This is the year for Xaivers though, mostly at the WR position.
 
Great thread, and great intro. It sucks the Pats have so many needs, but at least the biggest positional needs of the team line up with the positional strengths of this draft class. Im looking forward to this thead.
 
Great thread, and great intro. It sucks the Pats have so many needs, but at least the biggest positional needs of the team line up with the positional strengths of this draft class. Im looking forward to this thead.

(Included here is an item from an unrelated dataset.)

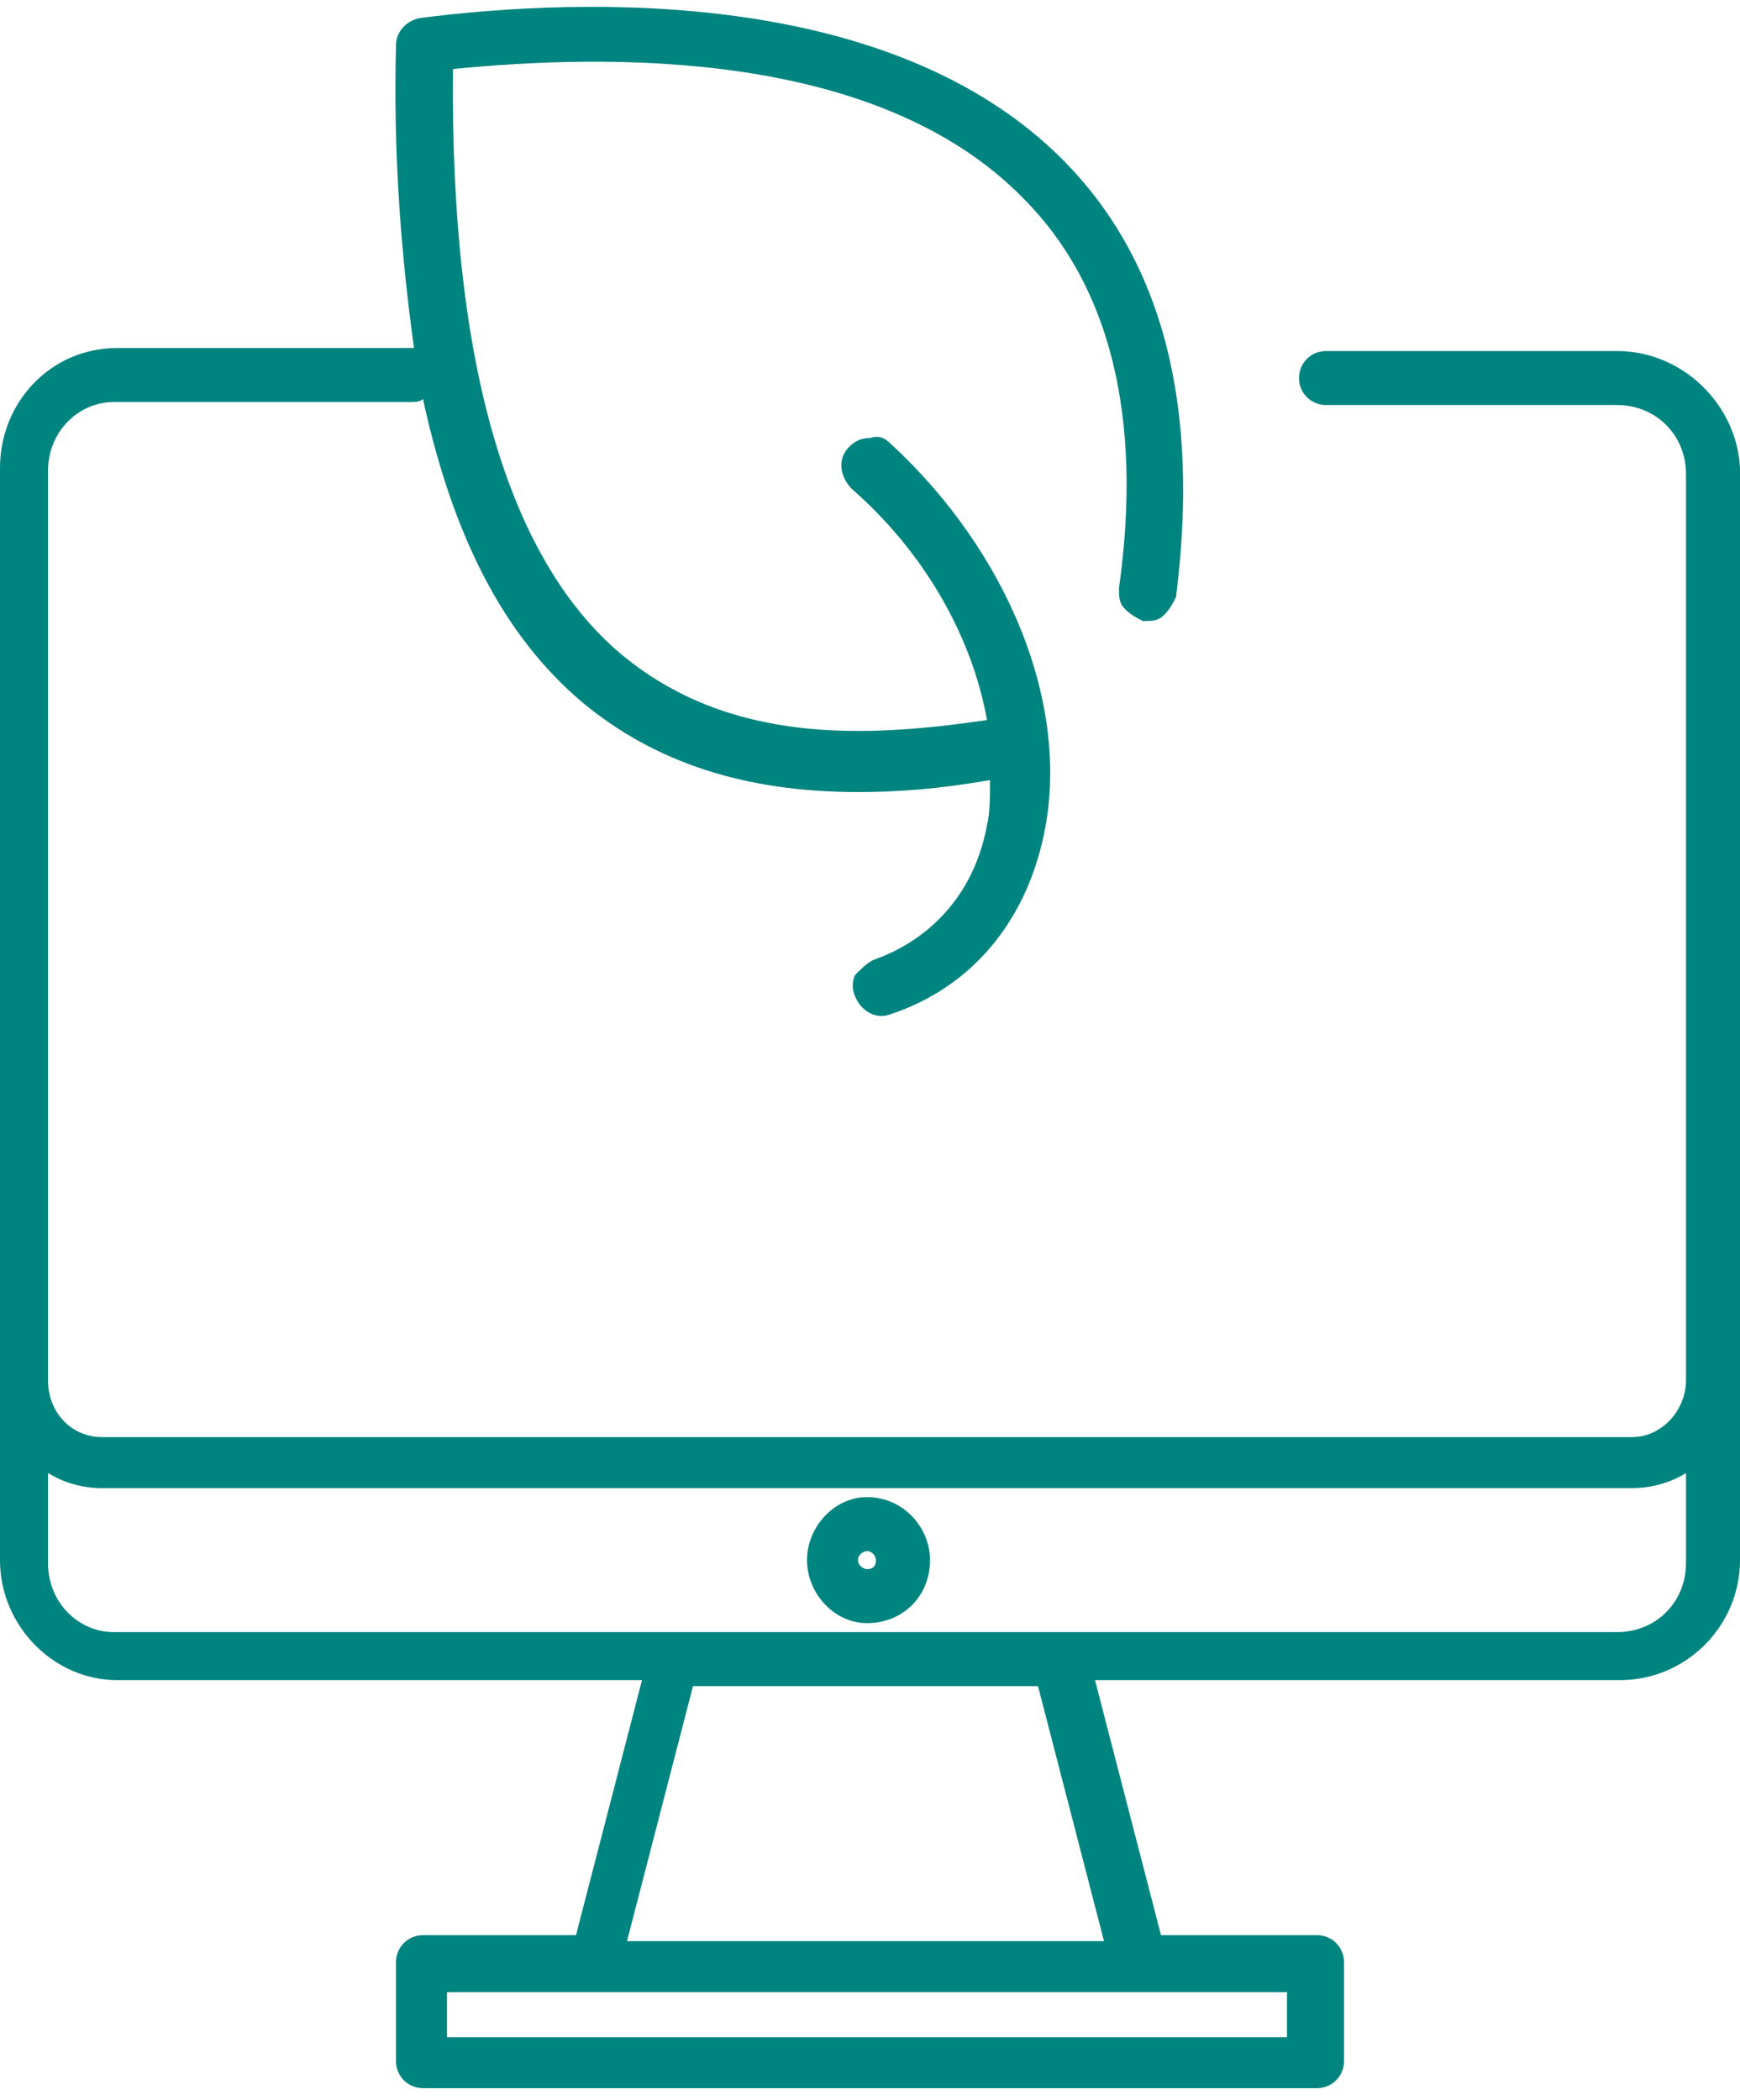 <?xml version="1.0" encoding="UTF-8"?> <svg xmlns="http://www.w3.org/2000/svg" width="58" height="70" viewBox="0 0 58 70" fill="none"><path d="M53.9 11.7H44.2C43.7 11.7 43.3 12.1 43.3 12.6C43.3 13.1 43.7 13.5 44.2 13.5H53.9C55.2 13.5 56.2 14.5 56.2 15.8V46C56.2 47 55.4 47.9 54.4 47.9H3.4C2.4 47.9 1.6 47.1 1.6 46V15.7C1.6 14.4 2.6 13.4 3.8 13.4H13.7C13.8 13.4 14 13.4 14.1 13.3C15.1 17.9 16.8 21.2 19.4 23.4C21.8 25.4 24.8 26.4 28.6 26.4C29.9 26.4 31.3 26.3 33 26C33 26.6 33 27.1 32.9 27.5C32.5 29.7 31.1 31.3 29.1 32C28.9 32.1 28.7 32.3 28.5 32.5C28.4 32.7 28.4 33 28.5 33.2C28.7 33.7 29.2 34 29.7 33.8C32.4 32.9 34.2 30.7 34.8 27.8C35.7 23.5 33.6 18.4 29.7 14.8C29.5 14.6 29.3 14.5 29 14.6C28.7 14.6 28.5 14.7 28.3 14.9C27.9 15.3 28 15.9 28.4 16.3C30.8 18.4 32.4 21.2 32.9 24C28.8 24.6 24.3 24.8 20.7 21.8C16.9 18.6 15 12 15.1 2.3C20.2 1.8 29.2 1.6 34.1 6.6C37 9.5 38.1 13.9 37.3 19.6C37.3 19.9 37.3 20.1 37.5 20.3C37.7 20.5 37.9 20.6 38.1 20.7C38.4 20.7 38.6 20.7 38.8 20.5C39 20.3 39.1 20.1 39.2 19.9C40 13.6 38.8 8.7 35.4 5.3C29.7 -0.4 19.5 -0.1 14 0.6C13.5 0.7 13.2 1.1 13.2 1.5C13.1 5.3 13.4 8.7 13.8 11.6H3.9C1.7 11.6 0 13.4 0 15.6V52C0 54.2 1.8 56 3.9 56H21.4L19.2 64.5H14.1C13.6 64.5 13.2 64.9 13.2 65.4V68.7C13.2 69.2 13.6 69.6 14.1 69.6H43.9C44.4 69.6 44.8 69.2 44.8 68.7V65.4C44.8 64.9 44.4 64.5 43.9 64.5H38.7L36.5 56H54C56.2 56 58 54.2 58 52V15.6C57.9 13.5 56.1 11.7 53.9 11.7ZM14.9 67.9V66.4H42.9V67.9H14.9ZM20.9 64.7L23.1 56.2H34.6L36.8 64.7H20.9ZM56.2 49.1V52.1C56.2 53.4 55.2 54.4 53.9 54.4H3.8C2.6 54.4 1.6 53.4 1.6 52.1V49.1C2.1 49.4 2.7 49.6 3.4 49.6H54.4C55.1 49.6 55.7 49.4 56.2 49.1Z" fill="#008480"></path><path d="M28.9 54.1C30.1 54.1 31 53.2 31 52C31 50.9 30.1 49.9 28.9 49.9C27.8 49.9 26.9 50.9 26.9 52C26.9 53.1 27.8 54.1 28.9 54.1ZM28.6 52C28.6 51.8 28.8 51.7 28.9 51.7C29.1 51.7 29.2 51.9 29.2 52C29.2 52.2 29.1 52.3 28.9 52.3C28.8 52.3 28.6 52.2 28.6 52Z" fill="#008480"></path></svg>

Which is exactly why I've spent hours and hours studying these WRs, more this year than ever before. It used to be that I knew the type of WR Bill liked so it was easy
to pick the ones he had on his board. That's all changed now, of course, so all these WRs will be ranked in order for the league and not necessarily for the Patriots specifically
since I have no idea what Wolf & Co. prefer. This is my 11th year studying the draft classes for WRs. I think I've gotten pretty good at it but let's see how I do.
 
BIG SLOT

Anquan Boldin and Michael Thomas are the prototypes for a big slot WR along with Larry Fitz in his later years. AJ Brown is the new comer prototype.
These players have the quickness and route skills to beat a wide range of defensive athletes with guile, but they can also use their size and strength as
mismatches. A lot of the players listed below have the athletic ability to win outside but there are good reasons for teams to consider moving them to the middle.

1. Marvin Harrison, Jr., Ohio State: Likely a perimeter option, Harrison could kick inside and work to the boundary or up the seam where he can have a clear
advantage against slower and/or smaller coverage.

2. Keon Coleman, FSU: He’s skilled enough to play outside but he could easily create mismatches with his size, quickness, toughness, and route running. Rumors of
intangible issues may ultimately drop him lower on this list.

3. Johnny Wilson, FSU: More likely an outside player, but if he’s used like a move tight end like Darren Waller, he could spend a lot of time inside the numbers.

4. Malachi Corley, Western Kentucky: Built like an every-down back, Corley is short but not small. He already holds up well in the middle of the field at the catch point
and can work his way outside where he bullies defensive backs. He's short so I could have put him with the small slot category...but he plays BIG.

5. Jalen Coker, Holy Cross: If he proves too slow to be an outside receiver, Coker has the hands and positioning ability to develop into a 'good' Smith-Schuster type.


WR/RB HYBRIDS

This is a new class for me to write about here but this class has been around for years. These are guys who can easily switch from 1 to the other without missing a beat.
The class began with Percy Harvin and now we have Tyreek Hill and Christian McCaffrey. You get the idea. Think James White on 'roids.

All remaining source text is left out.